Integration - area under curve

[megcox01]

Hi guys,
So i have a maths question that is probably stupidly easy but i havent been able to figure out what to do or how to set it up.
The question is:
Find the area enclosed between the curve y= 1 - x² and the x-axis.

 If anyone could help me i'd really apprecitate it.
Thank you x

[RuiAce]

To start, have you sketched the curve \(y=1-x^2\) and identified what the region it is you’re interested in?

[megcox01]

To start, have you sketched the curve \(y=1-x^2\) and identified what the region it is you’re interested in?

No i hadnt initially sketched the curve. But i just did and the curve goes through -1 and 1 on the x-axis. So that does mean those are the 2 numbers i put as the limits for the integral because it has to be in regions 1 and 2??

[RuiAce]

No i hadnt initially sketched the curve. But i just did and the curve goes through -1 and 1 on the x-axis.
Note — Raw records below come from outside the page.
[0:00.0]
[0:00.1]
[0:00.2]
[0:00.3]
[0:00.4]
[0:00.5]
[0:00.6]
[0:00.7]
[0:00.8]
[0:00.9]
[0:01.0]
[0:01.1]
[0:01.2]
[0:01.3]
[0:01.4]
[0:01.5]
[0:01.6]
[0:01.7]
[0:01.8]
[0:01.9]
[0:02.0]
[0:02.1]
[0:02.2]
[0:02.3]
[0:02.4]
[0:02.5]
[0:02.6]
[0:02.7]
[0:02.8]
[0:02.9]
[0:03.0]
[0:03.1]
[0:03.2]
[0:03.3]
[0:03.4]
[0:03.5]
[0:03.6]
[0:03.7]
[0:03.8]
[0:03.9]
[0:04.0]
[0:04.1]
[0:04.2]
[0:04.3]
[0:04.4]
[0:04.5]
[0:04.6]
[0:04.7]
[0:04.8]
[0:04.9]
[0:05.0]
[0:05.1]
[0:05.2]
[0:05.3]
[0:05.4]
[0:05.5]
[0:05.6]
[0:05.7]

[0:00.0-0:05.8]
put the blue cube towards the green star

So that does mean those are the 2 numbers i put as the limits for the integral because it has to be in regions 1 and 2??

-1 and 1 are the limits of the integral as you say but you need to understand the reason why.
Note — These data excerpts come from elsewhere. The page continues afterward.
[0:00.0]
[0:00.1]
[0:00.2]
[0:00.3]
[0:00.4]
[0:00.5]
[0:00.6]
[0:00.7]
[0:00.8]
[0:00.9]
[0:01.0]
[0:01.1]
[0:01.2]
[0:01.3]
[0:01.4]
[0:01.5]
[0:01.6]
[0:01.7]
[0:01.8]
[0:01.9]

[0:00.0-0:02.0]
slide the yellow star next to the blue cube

You're also right to say that \(-1\) and \(1\) are the \(x\)-intercepts of the curve. But I'm not too sure what you meant by "regions 1 and 2". The region that you require is simply the region, enclosed between only
- the curve itself
- the \(x\)-axis.

As it turns out, that region happens to literally be the region under \(y=1-x^2\), between \(-1\) and \(1\). That's why your answer is then \( A=\int_{-1}^1 1-x^2\,dx\).

[Tatlidil]

I also realised that alot of students struggle to understand when the curve is below the x-axis and therefore they need to make it negative, or switch the numbers position in the integral. You probably already knew this but anyway...

[RuiAce]

I also realised that alot of students struggle to understand when the curve is below the x-axis and therefore they need to make it negative, or switch the numbers position in the integral. You probably already knew this but anyway...

Fairly sure that particular region is above the \(x\)-axis.

[megcox01]

-1 and 1 are the limits of the integral as you say but you need to understand the reason why.

You're also right to say that \(-1\) and \(1\) are the \(x\)-intercepts of the curve. But I'm not too sure what you meant by "regions 1 and 2". The region that you require is simply the region, enclosed between only
- the curve itself
- the \(x\)-axis.

As it turns out, that region happens to literally be the region under \(y=1-x^2\), between \(-1\) and \(1\). That's why your answer is then \( A=\int_{-1}^1 1-x^2\,dx\).

Ok so i integrated that answer and got 1 1/3 units² which according to the textbook is correct. Thank you for your help i think im finally starting to understand this concept!!

[Tatlidil]

Fairly sure that particular region is above the \(x\)-axis.

I know, im just mentioning what students also struggle with

[Kombmail]

What if the boundaries are 3x and x=t?